Git-native graphs. Modern indexers detect file changes incrementally (Cursor uses a Merkle tree that syncs every few minutes) but don't treat the graph diff between commits as a first-class semantic signal. A function whose 3-hop neighborhood changes is a function whose meaning probably changed. A PR whose graph diff touches unrelated subgraphs is probably doing too much. These are measurable properties that could become part of how PRs get routed, reviewed, or flagged, and nobody is building them yet.
Learned edges from runtime and history. The edges current systems use (imports, inheritance, explicit calls parsed from the AST) are the easiest to compute and the least informative. Mining git history for co-change is not new. Zimmermann and colleagues established the approach in "Mining Version Histories to Guide Software Changes" (ICSE 2004), and there is two decades of follow-on work in the software engineering literature. What is new is treating those edges as first-class retrieval signals for LLMs, fused with trace and CI co-failure signals under learned weights. The graph that predicts engineering behavior is empirical:
Each lives in artifacts every serious company already has: Datadog traces, CI logs, git history, incident reports. Nobody has fused them into a retrieval graph under learned weights. The obvious failure mode is greenfield code, where there's no history to mine. The empirical graph supplements the static graph; it doesn't replace it.
Figure 4. Static edges are a thin slice of the real graph. Most of what engineers know about their codebases comes from edges no current system tracks.
The cleaner version of this research is a benchmark. SWE-EVO and RefactorBench get partway by testing multi-file reasoning, but the test I want does not exist yet. Call it blast-radius prediction: given a diff, predict the set of tests that will fail, the modules that will need updating, and the historical incidents most structurally similar. The term comes from DevOps and impact-analysis tooling, where it's been in use for a decade; the contribution would be formalizing it as a quantitative LLM benchmark with ground truth mined from CI logs and incident postmortems. Devin Review is the closest shipped product in this direction, but it's scoped to bug detection on individual diffs. No open benchmark measures blast-radius prediction as a quantitative task, which is what would cleanly separate architectures that model the empirical graph from those that rely on lexical exploration alone.

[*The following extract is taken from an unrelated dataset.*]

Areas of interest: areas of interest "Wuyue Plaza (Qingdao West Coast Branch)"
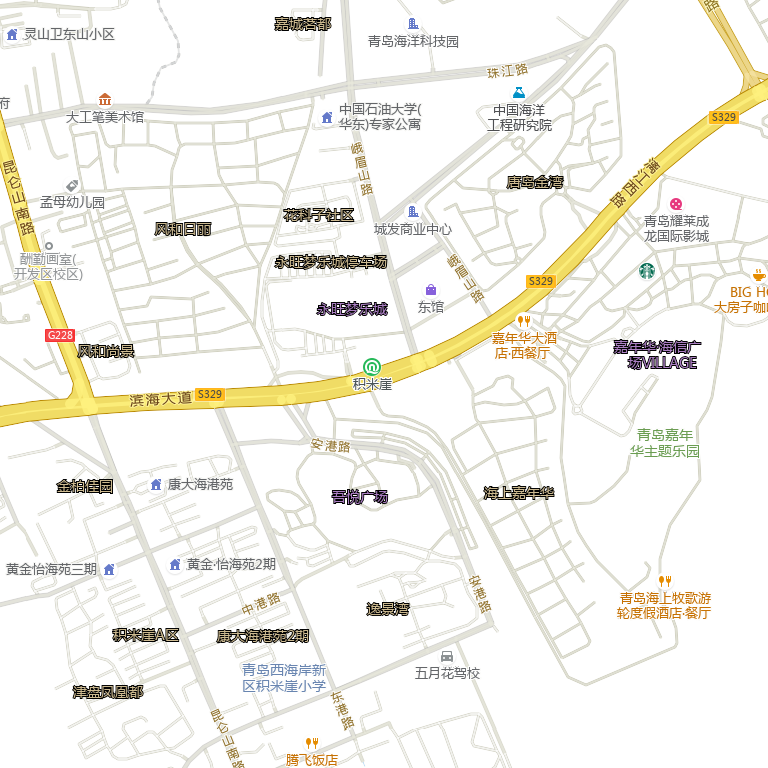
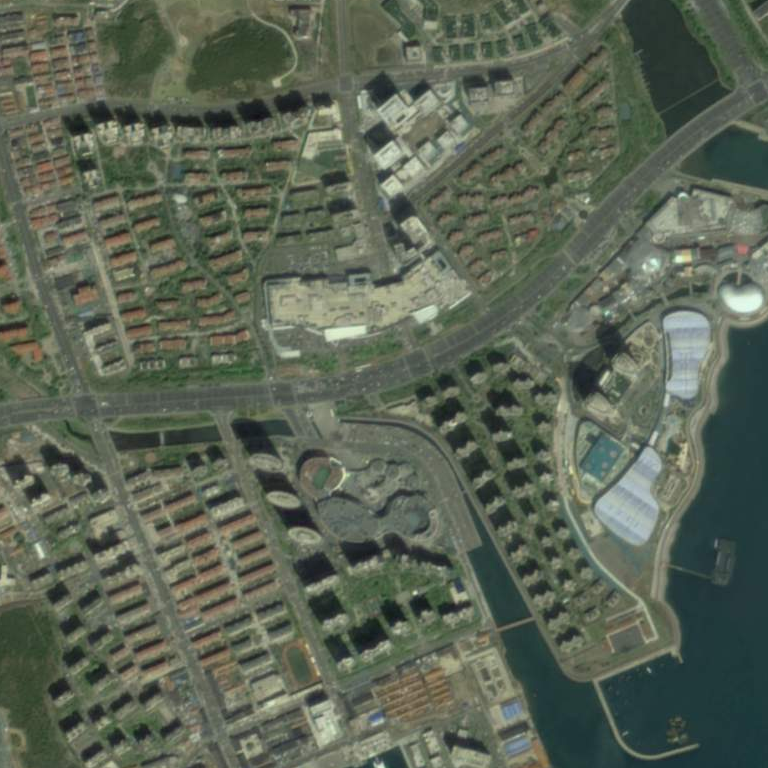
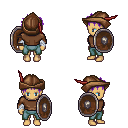
a pixel art fantasy rpg character, female body template, human, tanned skin, brown long-sleeve shirt, teal pants, purple bedhead hairstyle, leather cap, white cloth bandages, shield, four views (front, back, left, right), 2x2 character sprite sheet, small pixel art, hard edges, no anti-aliasing

Editable artifacts. The current model is ask → answer → dissolve. The next is navigate → edit → propagate. The graph the user traverses is the same graph the model reasons over. Citations are clickable. Edits to a node are edits to the code. This collapses the gap between reading and writing that every current tool maintains. The reason this hasn't shipped yet is probably engineering debt rather than research debt: round-tripping graph edits to AST mutations needs a parser that's effectively invertible, conflict resolution for concurrent edits, and a way to handle changes that don't have a clean code-level representation. None of these are theoretical problems. Nobody has scoped them.
Pre-built static retrieval is mostly solved. Agentic retrieval is being solved now. Persistent artifacts are a partially solved problem (DeepWiki, Codemaps, Aider's repo map). What remains open is the part I find most interesting: the edge weights that make those artifacts predictive of real engineering behavior, the benchmarks that would prove them out, and the loop that makes them editable.